## [Records contained in a dataset]
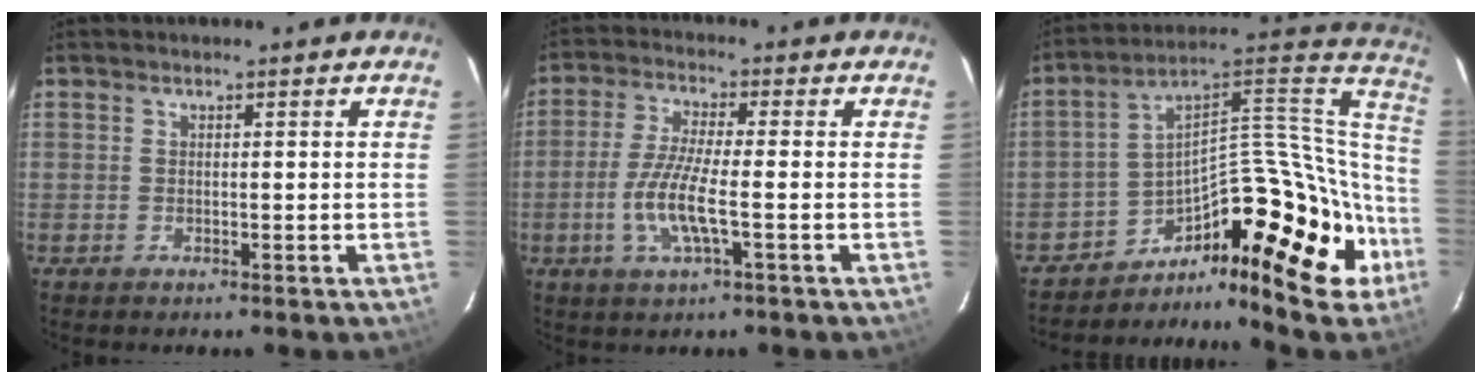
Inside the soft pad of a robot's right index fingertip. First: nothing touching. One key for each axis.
{"total": 8.3, "fx": -2.4, "fy": 1.1, "fz": 7.8, "tx": -0.165, "ty": -0.005, "tz": -0.051}
{"total": 22.3, "fx": -16.6, "fy": 8.7, "fz": 12.0, "tx": -0.135, "ty": 0.037, "tz": -0.275}
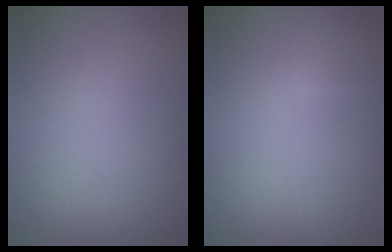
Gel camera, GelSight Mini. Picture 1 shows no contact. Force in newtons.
{"total": 1.2, "press": 1.2, "slide": 0.1}
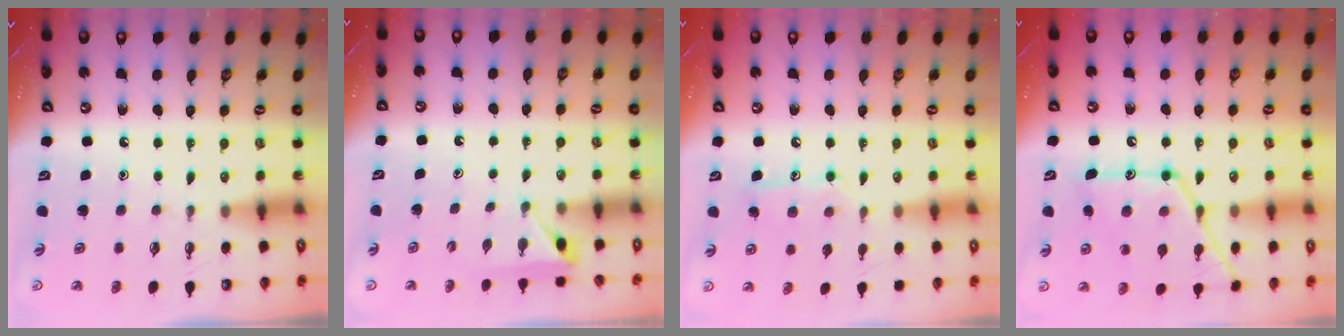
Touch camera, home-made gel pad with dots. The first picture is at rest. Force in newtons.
{"total": 2.5, "press": 2.5, "slide": 0.3}
{"total": 10.3, "press": 10.3, "slide": 0.5}
{"total": 17.3, "press": 17.3, "slide": 1.3}

## [Work task]
With the pictures left out, copy exactly the lines from the line holding "Gel camera, GelSight" through the final line of the records, including both.

## [Result for this task]
Gel camera, GelSight Mini. Picture 1 shows no contact. Force in newtons.
{"total": 1.2, "press": 1.2, "slide": 0.1}
Touch camera, home-made gel pad with dots. The first picture is at rest. Force in newtons.
{"total": 2.5, "press": 2.5, "slide": 0.3}
{"total": 10.3, "press": 10.3, "slide": 0.5}
{"total": 17.3, "press": 17.3, "slide": 1.3}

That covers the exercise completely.